_Your assignment_
Omitting the pictures, restate all of the entries below exactly.

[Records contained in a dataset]
--------------------------------

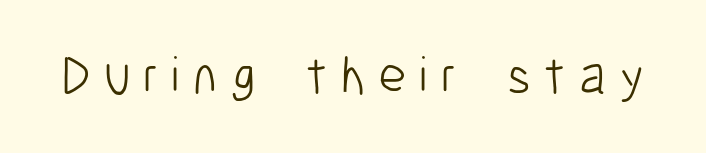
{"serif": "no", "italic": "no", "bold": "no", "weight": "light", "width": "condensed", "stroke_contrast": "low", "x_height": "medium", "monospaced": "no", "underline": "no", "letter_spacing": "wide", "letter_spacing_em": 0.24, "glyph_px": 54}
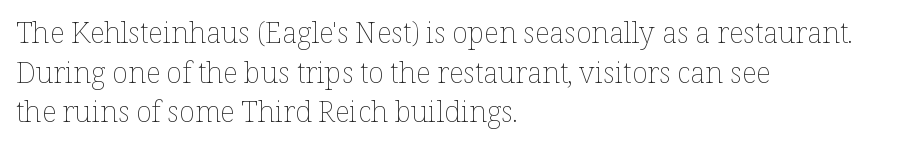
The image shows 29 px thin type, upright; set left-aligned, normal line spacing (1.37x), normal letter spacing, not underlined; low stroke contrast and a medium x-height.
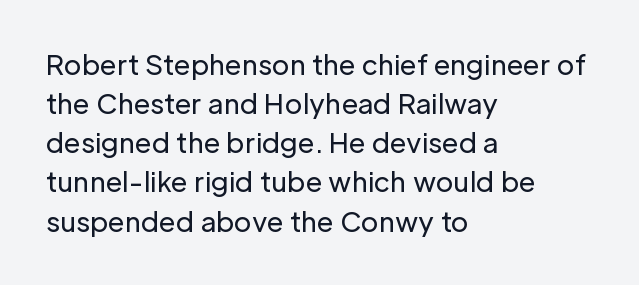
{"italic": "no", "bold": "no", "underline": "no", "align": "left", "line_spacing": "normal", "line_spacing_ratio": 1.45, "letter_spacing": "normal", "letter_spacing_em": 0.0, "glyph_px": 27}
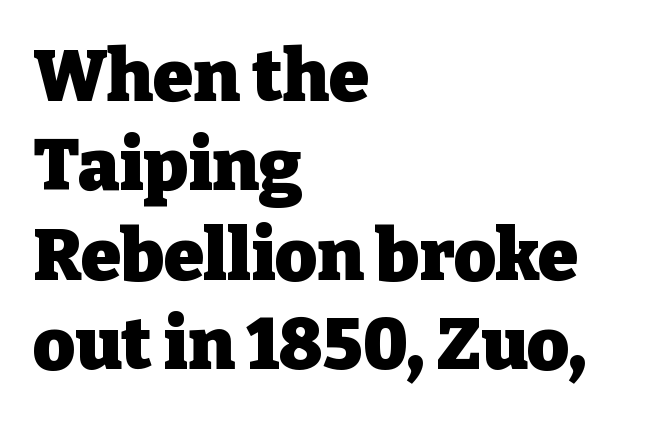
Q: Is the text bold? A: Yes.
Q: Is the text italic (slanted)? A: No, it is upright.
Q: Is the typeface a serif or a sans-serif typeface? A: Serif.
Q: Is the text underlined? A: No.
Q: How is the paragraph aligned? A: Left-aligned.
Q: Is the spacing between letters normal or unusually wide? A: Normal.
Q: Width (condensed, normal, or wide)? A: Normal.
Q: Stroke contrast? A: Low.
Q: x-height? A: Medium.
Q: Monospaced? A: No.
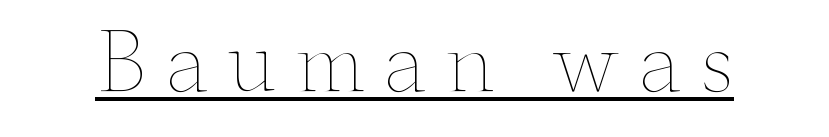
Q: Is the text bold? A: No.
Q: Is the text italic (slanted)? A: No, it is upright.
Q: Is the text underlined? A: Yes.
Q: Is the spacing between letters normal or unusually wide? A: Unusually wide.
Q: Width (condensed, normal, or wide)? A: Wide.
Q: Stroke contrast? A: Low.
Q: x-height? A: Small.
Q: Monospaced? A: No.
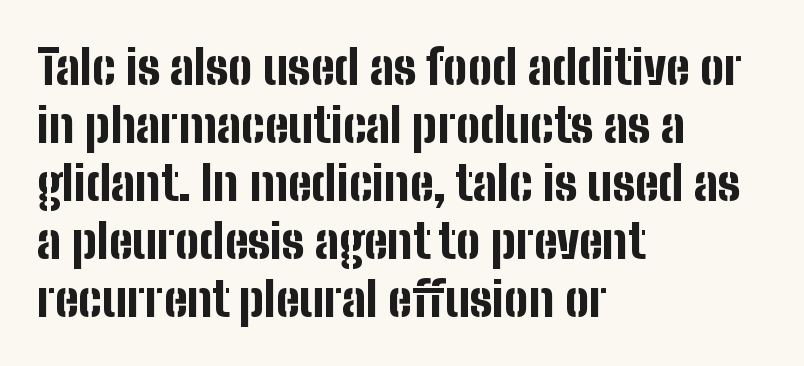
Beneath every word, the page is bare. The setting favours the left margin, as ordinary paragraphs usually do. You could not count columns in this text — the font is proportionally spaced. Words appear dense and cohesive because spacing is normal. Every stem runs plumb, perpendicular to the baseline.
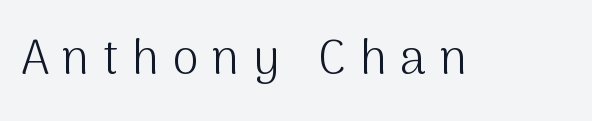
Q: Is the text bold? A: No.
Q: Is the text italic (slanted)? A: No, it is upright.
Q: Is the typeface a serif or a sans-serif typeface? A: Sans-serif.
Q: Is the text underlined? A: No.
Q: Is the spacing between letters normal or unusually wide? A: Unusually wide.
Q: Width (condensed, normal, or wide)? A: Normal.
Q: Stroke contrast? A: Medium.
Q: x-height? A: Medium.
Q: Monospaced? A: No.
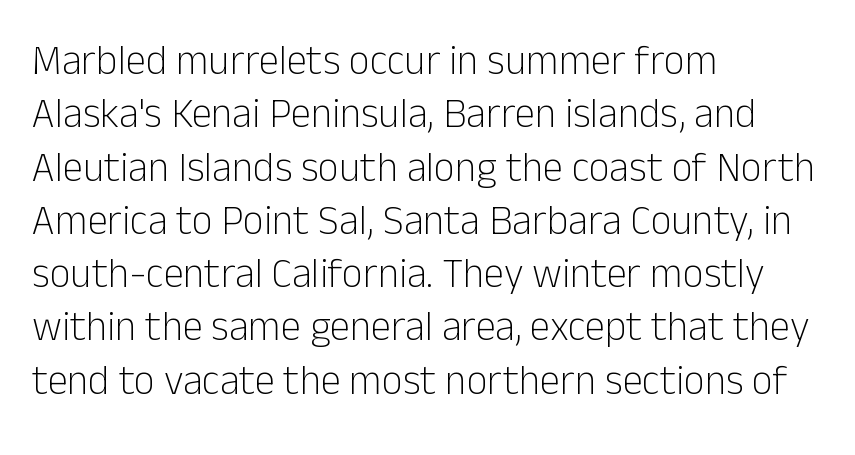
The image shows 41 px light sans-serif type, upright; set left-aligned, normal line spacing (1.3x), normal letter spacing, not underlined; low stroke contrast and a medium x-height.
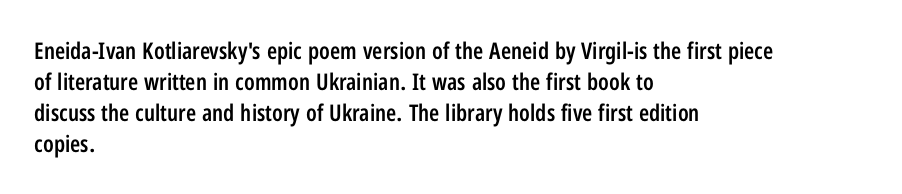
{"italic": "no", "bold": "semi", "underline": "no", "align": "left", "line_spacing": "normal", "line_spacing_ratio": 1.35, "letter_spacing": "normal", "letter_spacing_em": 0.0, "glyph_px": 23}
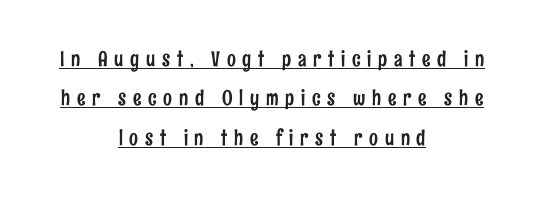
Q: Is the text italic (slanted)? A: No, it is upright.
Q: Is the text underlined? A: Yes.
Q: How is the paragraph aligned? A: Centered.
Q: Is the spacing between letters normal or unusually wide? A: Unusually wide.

--------------------------------

_Final answer_
{"serif": "no", "italic": "no", "bold": "no", "weight": "light", "width": "condensed", "stroke_contrast": "low", "x_height": "medium", "monospaced": "no", "underline": "no", "letter_spacing": "wide", "letter_spacing_em": 0.24, "glyph_px": 54}
The image shows 29 px thin type, upright; set left-aligned, normal line spacing (1.37x), normal letter spacing, not underlined; low stroke contrast and a medium x-height.
{"italic": "no", "bold": "no", "underline": "no", "align": "left", "line_spacing": "normal", "line_spacing_ratio": 1.45, "letter_spacing": "normal", "letter_spacing_em": 0.0, "glyph_px": 27}
Q: Is the text bold? A: Yes.
Q: Is the text italic (slanted)? A: No, it is upright.
Q: Is the typeface a serif or a sans-serif typeface? A: Serif.
Q: Is the text underlined? A: No.
Q: How is the paragraph aligned? A: Left-aligned.
Q: Is the spacing between letters normal or unusually wide? A: Normal.
Q: Width (condensed, normal, or wide)? A: Normal.
Q: Stroke contrast? A: Low.
Q: x-height? A: Medium.
Q: Monospaced? A: No.
Q: Is the text bold? A: No.
Q: Is the text italic (slanted)? A: No, it is upright.
Q: Is the text underlined? A: Yes.
Q: Is the spacing between letters normal or unusually wide? A: Unusually wide.
Q: Width (condensed, normal, or wide)? A: Wide.
Q: Stroke contrast? A: Low.
Q: x-height? A: Small.
Q: Monospaced? A: No.
Beneath every word, the page is bare. The setting favours the left margin, as ordinary paragraphs usually do. You could not count columns in this text — the font is proportionally spaced. Words appear dense and cohesive because spacing is normal. Every stem runs plumb, perpendicular to the baseline.
Q: Is the text bold? A: No.
Q: Is the text italic (slanted)? A: No, it is upright.
Q: Is the typeface a serif or a sans-serif typeface? A: Sans-serif.
Q: Is the text underlined? A: No.
Q: Is the spacing between letters normal or unusually wide? A: Unusually wide.
Q: Width (condensed, normal, or wide)? A: Normal.
Q: Stroke contrast? A: Medium.
Q: x-height? A: Medium.
Q: Monospaced? A: No.
The image shows 41 px light sans-serif type, upright; set left-aligned, normal line spacing (1.3x), normal letter spacing, not underlined; low stroke contrast and a medium x-height.
{"italic": "no", "bold": "semi", "underline": "no", "align": "left", "line_spacing": "normal", "line_spacing_ratio": 1.35, "letter_spacing": "normal", "letter_spacing_em": 0.0, "glyph_px": 23}
Q: Is the text italic (slanted)? A: No, it is upright.
Q: Is the text underlined? A: Yes.
Q: How is the paragraph aligned? A: Centered.
Q: Is the spacing between letters normal or unusually wide? A: Unusually wide.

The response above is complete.